Sob o rótulo “homenagem ao cinema do passado”, O Artista e Hugo escondem pertinentes reflexões sobre a importância da arte – e até mesmo a imortalidade de uma delas, o cinema.
Quer dizer, escondem para alguns bobocas infantilizados que insistem em simplificar esses filmes e a safra cinematográfica do ano passado – ao contrário do que afirmam por aí, o Oscar deste ano está bem forte e digno.
Hugo, essa obra-prima de Martin Scorsese, tem um dos prólogos mais interessantes dos últimos anos. As primeiras imagens nos remetem a uma espécie de “chegada da câmera à estação”. Com um 3D orgânico (veja como nos sentimos intimidados por Sacha Baron Cohen quando ele pressiona o garoto e seu rosto quase cola com o nosso) e uma gigantesca profundidade de campo (algo que Scorsese adora), temos ali uma releitura do primeiro filme da história, dos irmãos Lumière, e uma genial apresentação de personagens, cada um com sua ação e peculiaridade.
Na superfície de Hugo, observamos a trajetória de um órfão, de um cineasta desiludido e do próprio cinema. Os três precisam encontrar o propósito de suas vidas: o menino tem que descobrir como seguir seu rumo depois da morte do pai; George deve se reinventar após perder seu sucesso; e o cinema precisa buscar soluções para entreter um mundo em crise, pós Primeira Guerra Mundial.
Tudo isso enquanto o tempo não pára. É uma corrida, sem dúvida, inventada pelo homem desde o instante em que ele resolveu fracionar sua existência.
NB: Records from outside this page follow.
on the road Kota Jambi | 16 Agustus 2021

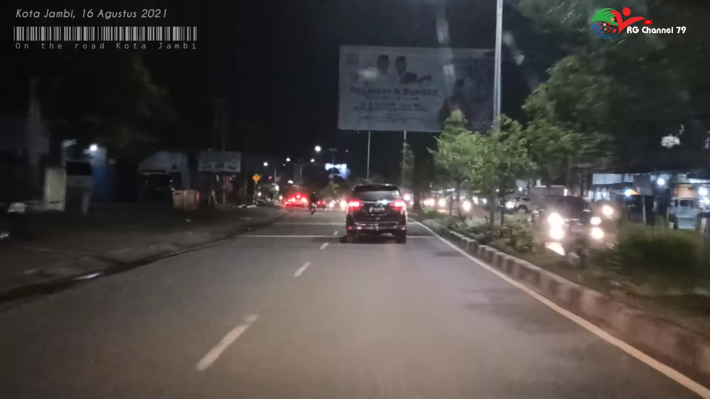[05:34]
sebelah kiri ini ada lembaga pemasyarakatan atau LP Kota Jambi di sebelah kiri. Nah, terus di sini di ujung LP ini sebelah kanan ada panti sosial di sini. Di sebelah kanan. Nah, ini dia sebelah kanan. Maju lagi kita di sini ada jalan agak menanjak.
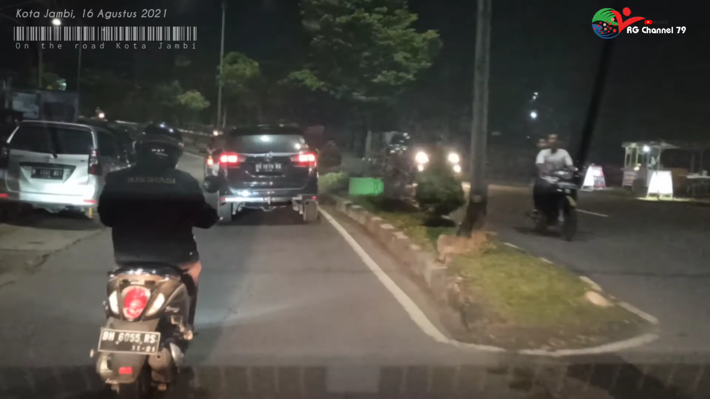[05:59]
Ada tanjakan dikit. Ini masih di Jalan Kapten Patimura. Nah, di sini di sebelah kanan ini ada bangunan gedung Jambi Express.
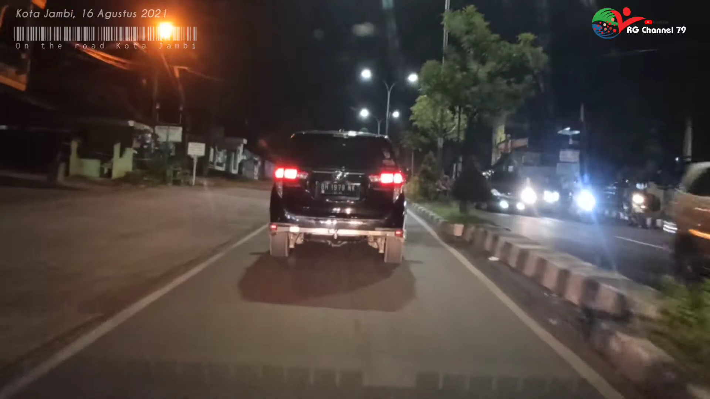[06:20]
Di sini ada juga terdapat pemancar Jambi TV sama Jek TV. Ini sebentar lagi di sini ada sebelah kiri ada apa gedungnya atau pemancarnya RCTI. Sebelah kiri. Lanjut lagi di sebelah kiri masih ada di sini Mitra Bangunan Jambi ya. Di sini ada toko Mitra Bangunan supermarket ya. Supermarket Bangunan Mitra Bangunan Jambi.
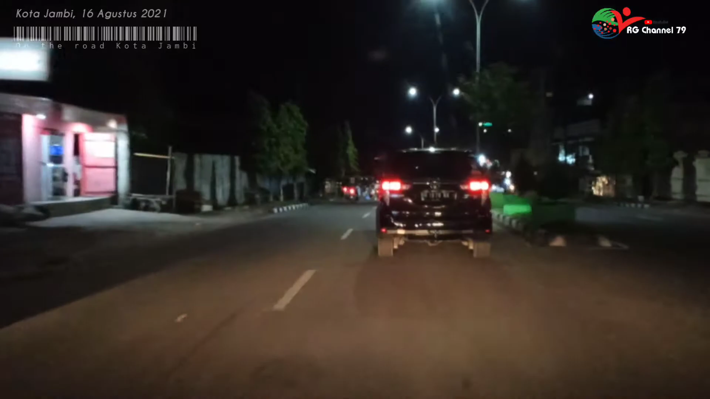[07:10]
Yang arah ke perkota, tapi untuk yang jalur sebelah kanan kita perhatikan itu yang mau masuk ke Kota Jambi terlihat cukup ramai ya. Nah, ini ada di pegunungan, jalannya agak turun.
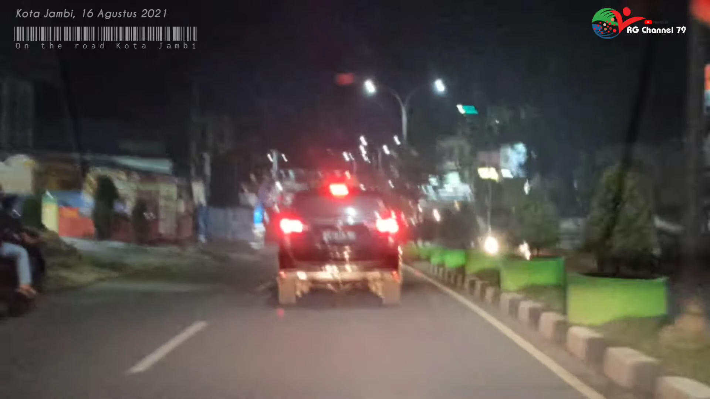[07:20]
Nah, di sini ada jembatan di depan ini. Di sini ada jembatan dekat Presko.
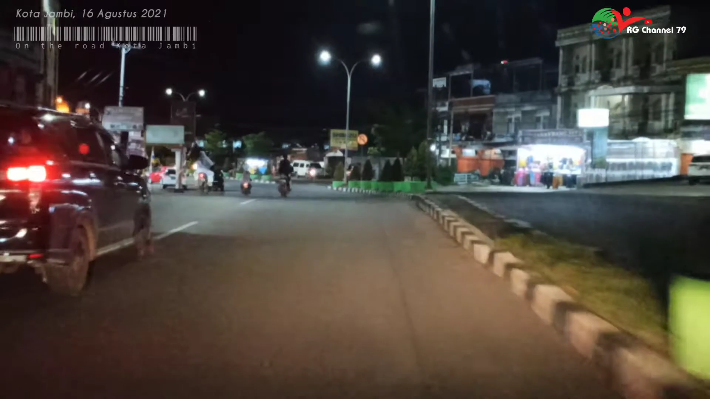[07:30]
Masih nggak tahu di jembatan. Nah, di sini ada Presko supermarket di sebelah kiri.
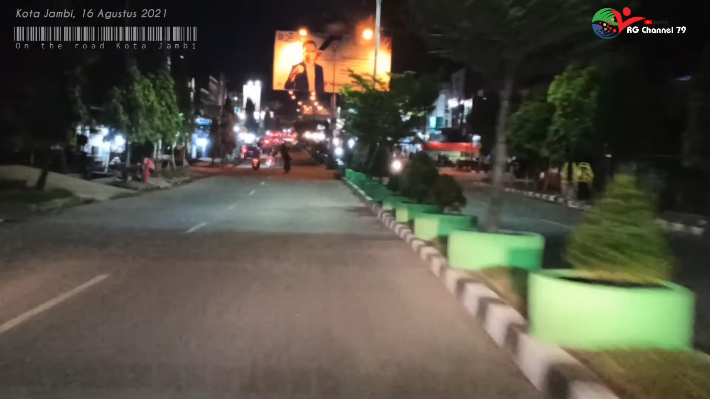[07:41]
Lanjut lagi di sini ada juga sebelah kanan ini. Nah, di sini sebelah kanan ini di Hotel Golden Harvest ya. Nah, di jalan agak menanjak. Di sini ada supermarket lagi di sebelah kiri yaitu Trona Express. Cukup ramai ya di Jalan Patimura ini malam. Tidak jauh dari Trona Express ini kita nanjak lagi ke atas.
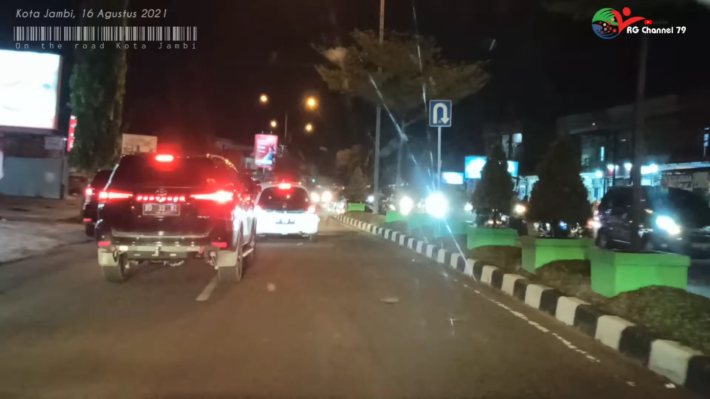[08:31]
Di sini ada di depannya agak macet karena di sini ada tempat putar balik ya. Pas di depan Hotel Mutiara atau di dekat rumah potong hewan Jambi.
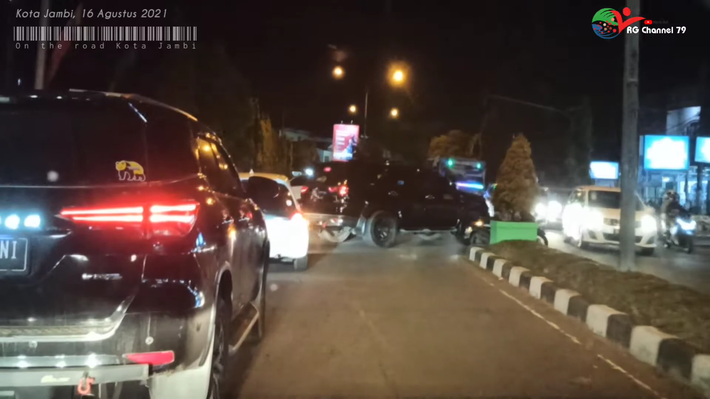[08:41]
Sekali lagi kepada teman-teman yang berkendara, hati-hati di jalan, utamakan keselamatan dan patuhi peraturan lalu lintas.
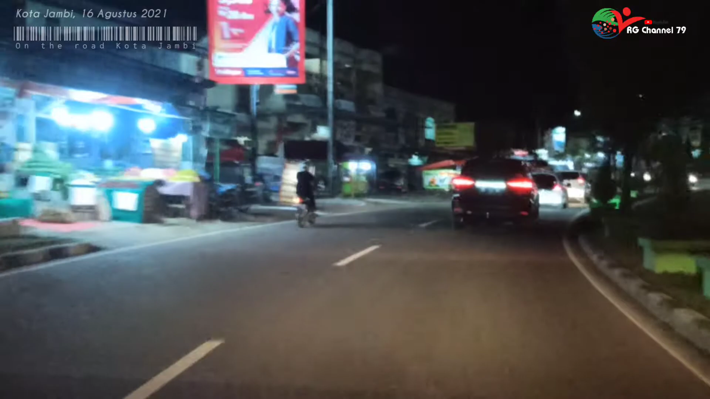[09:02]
Di sini juga ramai ya di kiri kanan jalan. Yang jualan kulinernya ada martabak, ada pecel lele, macam-macam lah. Terus ini masih agak nanjak jalannya. Ini kita udah mau sampai di Simpang Rimbo. Cuman untuk ke arah tujuan saya itu ke kita putar balik di sini.
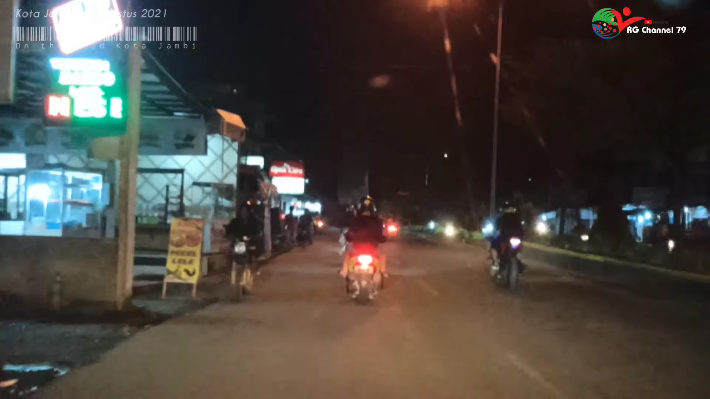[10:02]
Kecamatannya sekarang itu Kecamatan Alam Berajo, Lorong Patimura, dekat
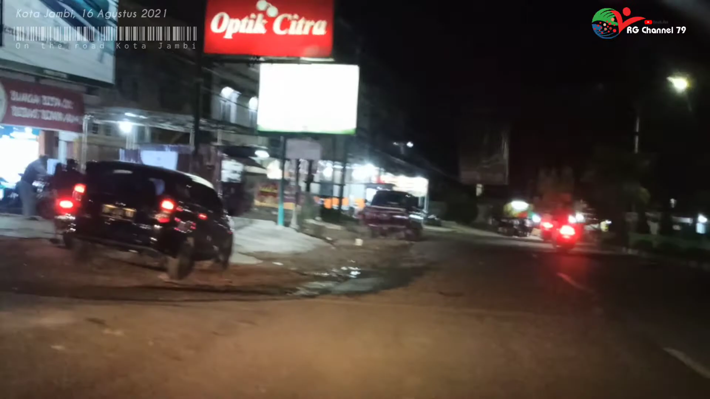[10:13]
apotik Akitasari ya, di sini di depan itu apotik Akitasari.
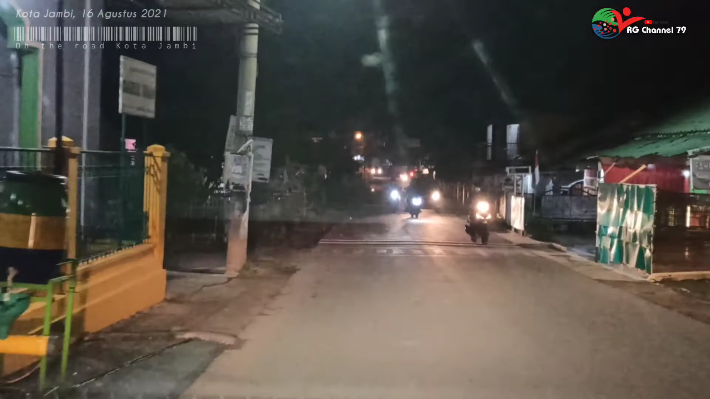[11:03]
Terdapat banyak perumahan ya di sekitar sini, komplek perumahan ini cukup luas ya, komplek ini masih komplek guru sebelah kiri ini.
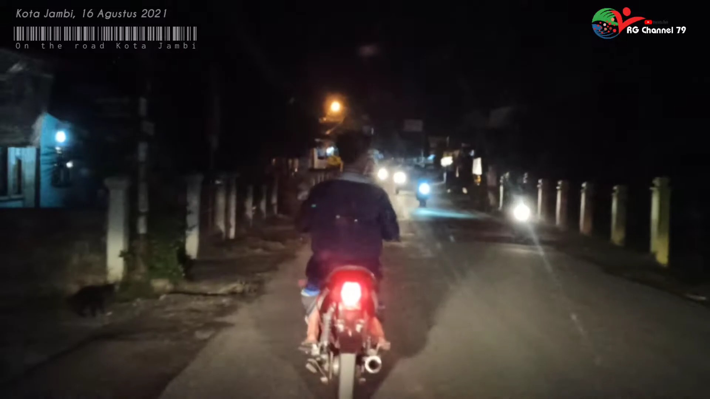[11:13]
Nah, ini ada atasnya di sini. Ini kita masuk ke daerah, ini sudah masuk kawasannya RT 41, ini sudah dekat dari rumah.
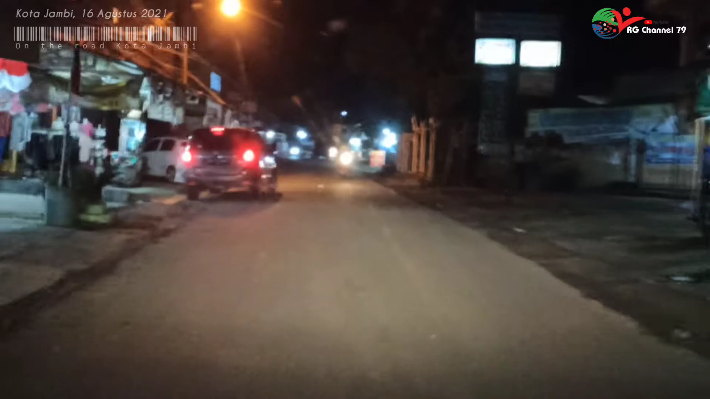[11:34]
Jalan ini cukup ramai juga malam nih, karena di sini kan kawasan perumahan ya.
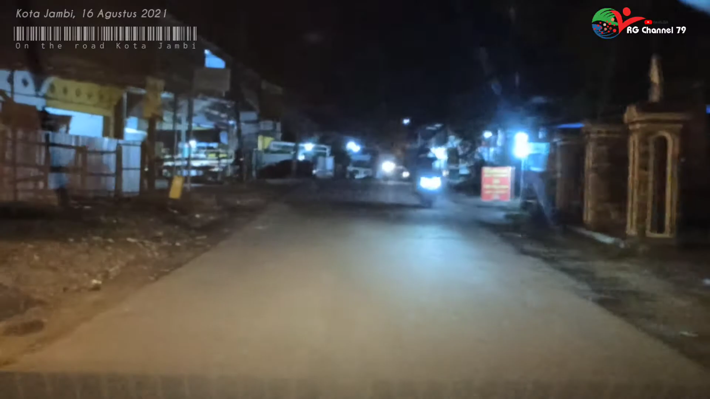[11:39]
Nah, di sini masuk lorong sini karena di sini lagi ada berbagai jalan, kita ambil jalur alternatif untuk menuju ke rumah.
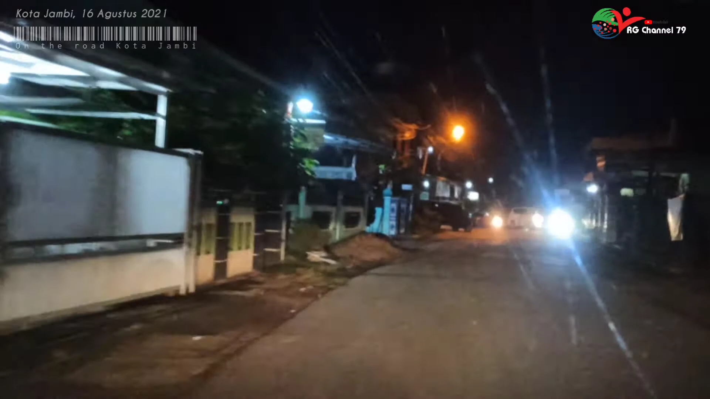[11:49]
Nah, di sini ada juga praktek dokter gigi pamungkas.
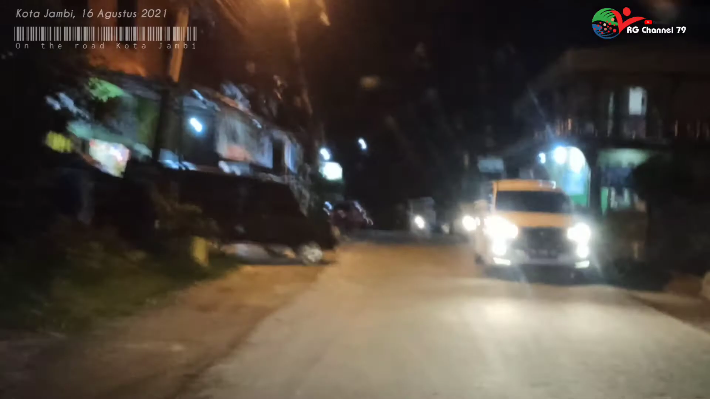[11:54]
Mungkin ada kawan-kawan teman-teman yang sakit gigi ya, ini ada nih sebelah kiri ini yang ada mobil merah. Itu adalah tempatnya praktek dokter gigi pamungkas.
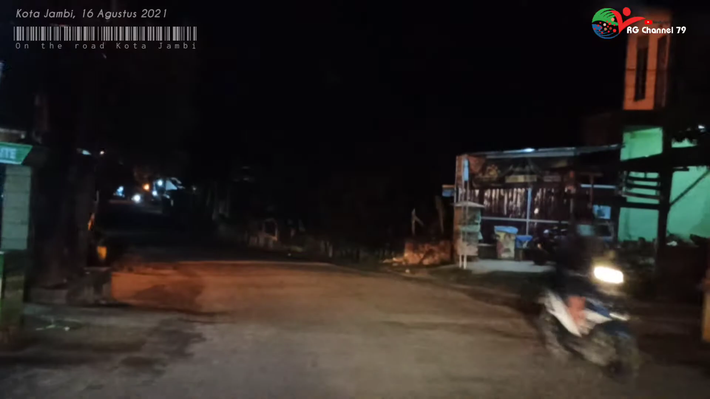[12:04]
Nah, kita masuk dari lorong sini. Ini lorongnya bisa masuk menuju ke perumahan Kembar Lestari.
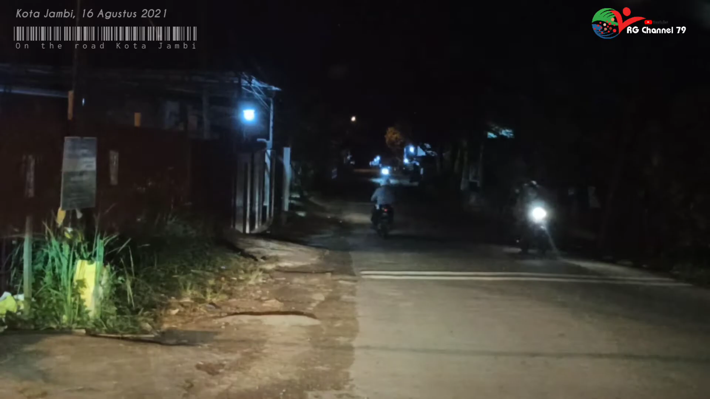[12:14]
Ini lurus ke bawah itu, kalau lurus jalan ini ke perumahan Laut Duri, bisa ke bawah itu. Bisa juga ke Kampung Bugis, banyaklah di jalan, ke jalan tembusnya. Bisa juga ke Pematang Sulur. Ya, kita masuk. Ini jalan ini baru selesai dicor, sudah bagus jalannya. Ini jalan ke perumahan Kembar Lestari 1 kalau nggak salah. Nah, kita belok kiri masuk ke perumahan.

Por um período, a engrenagem do relógio serviu de metáfora para o nosso corpo – e para nossa condição como peças desse mecanismo. Hoje, o computador tomou esse espaço. Assim, Scorsese fala sobre um século, o passado, em que o universo era visto como uma precisa engrenagem mecânica (Deus era o Grande Relojoeiro). Tanto que ali está o autômato, sonho de criação de uma espécie perfeita, capaz de responder as nossas mais íntimas perguntas (e que esconde a resposta para Hugo).
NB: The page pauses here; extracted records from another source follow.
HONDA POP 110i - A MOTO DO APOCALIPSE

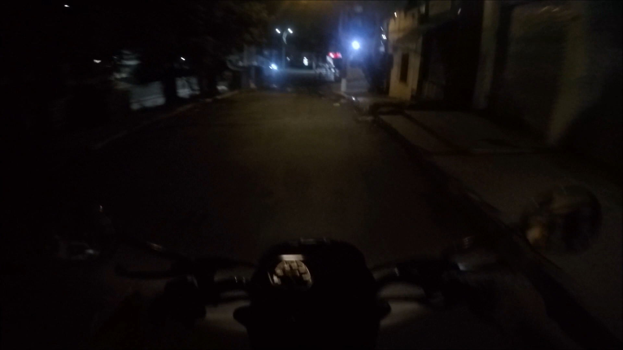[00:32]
indo sentido região metropolitana, nesse frio de junho, galera.
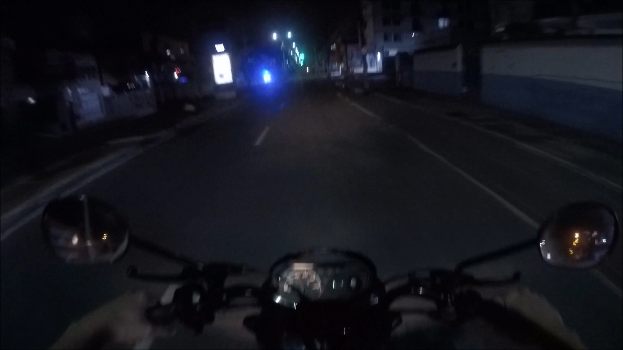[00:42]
Friozinho gostoso. Bem friozinho o tempo.
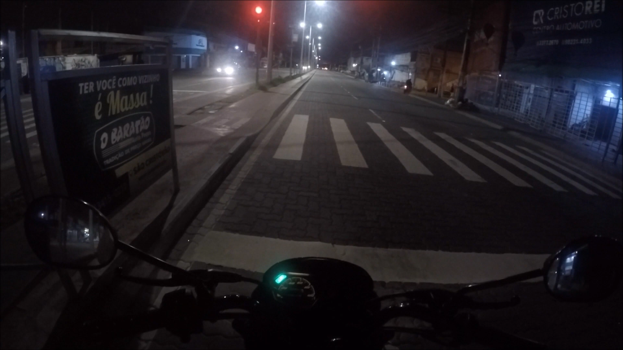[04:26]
A galera tá passando aqui, mas tem radar aqui.
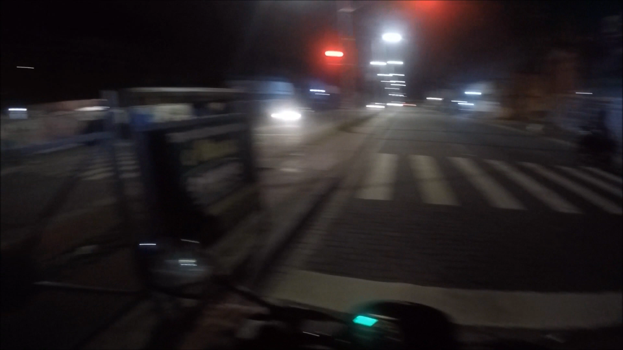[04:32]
Ah, o cara passou com a placa na mão. Com a mão na placa, melhor dizendo, né?
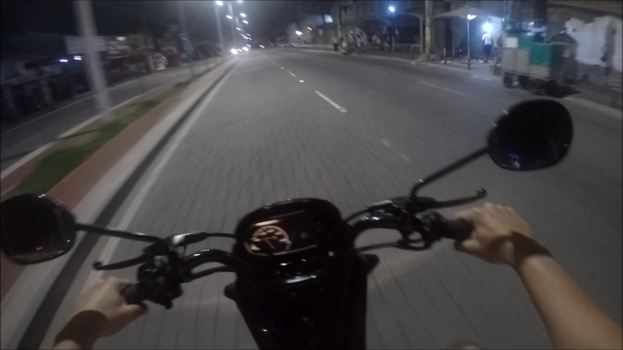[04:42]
Poxa, aqui tá desligado.
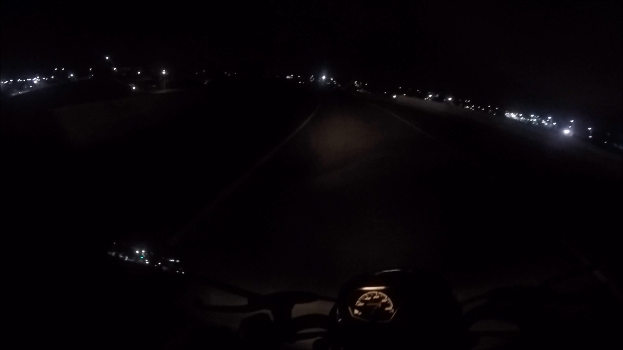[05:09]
Aí aqui, ó, tudo desligado, a Porsche desligada, outro desligado, outro desligado. Custa a galera ligar, né? E é sempre assim, esses daqui sempre estão apagados. É uma economia que eu não entendo não, né? Aí ali embaixo também é a mesma coisa. E perigoso, né?
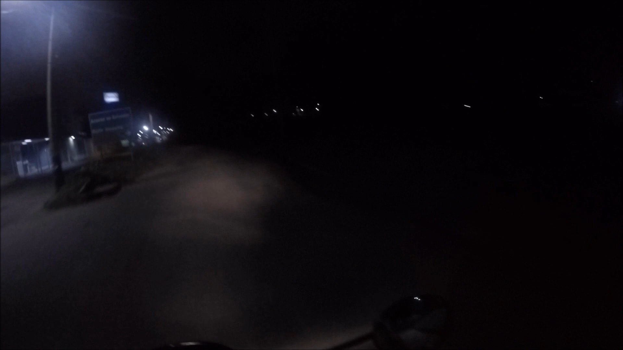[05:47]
Aí aqui também, ó, bem escuro. Tem poste, mas não tem a lâmpada.

Porém, o cineasta aborda esse projeto de mundo com todos os recursos disponíveis da atual tecnologia, com os mais modernos avanços da computação. Hoje, Deus está nos chips e em placas criadas na Califórnia. Sai o Grande Relojoeiro e entra o Grande Programador.
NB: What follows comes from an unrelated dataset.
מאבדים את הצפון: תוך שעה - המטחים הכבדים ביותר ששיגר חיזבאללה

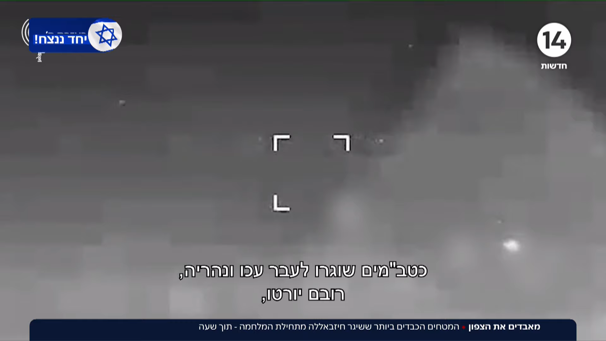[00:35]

Essa evolução tão bem retratada na tela (a história) e fora dela (os recursos que Scorsese utiliza) nos conduzem para a grande questão do filme: qual é o nosso propósito?
Em determinado momento, Hugo e Chloë Grace Moretz travam um esclarecedor e impactante diálogo (que acontece dentro da engrenagem, no topo do relógio mais visível). Eles discutem justamente qual é o propósito de cada um. E essa camada tão filosófica e questionadora permeia todo o entretenimento do filme, com suas homenagens, citações e complexas construções visuais.
Estão lá o prazer do cinema, as referências e momentos de tensão e humor (principalmente graças a brilhante escalação de Sacha Baron como o inspetor da estação). Mas, também, existe a dura busca pelo tal propósito. E talvez seja por isso que estamos aqui, parece afirmar Scorsese. Corremos contra o tempo para encontrar essa resposta (que muitas vezes pode ser uma eterna pergunta).
Sem estragar o final, o propósito de todos se encontra na arte – Hugo é também uma gratificante homenagem aos livros, música e arquitetura –, no amor e na dádiva. E temos novamente o quase-padre Scorsese fazendo sua bonita pregação cristã – e encontrando os coroinhas perfeitos nas figuras de Brian Selznick (autor do livro) e John Logan (roteirista).
Como mencionou o crítico Paulo Santos Lima, este é um dos raros filmes de Scorsese nos últimos anos com um final feliz. Talvez porque o próprio diretor tenha encontrado o seu propósito: fazer cinema. Sem se importar com sucesso, reconhecimento, certezas, o homem só se realiza quando sabe o que deve fazer por aqui, seja participando – com senso de justiça – de uma engrenagem ou inventando uma delas.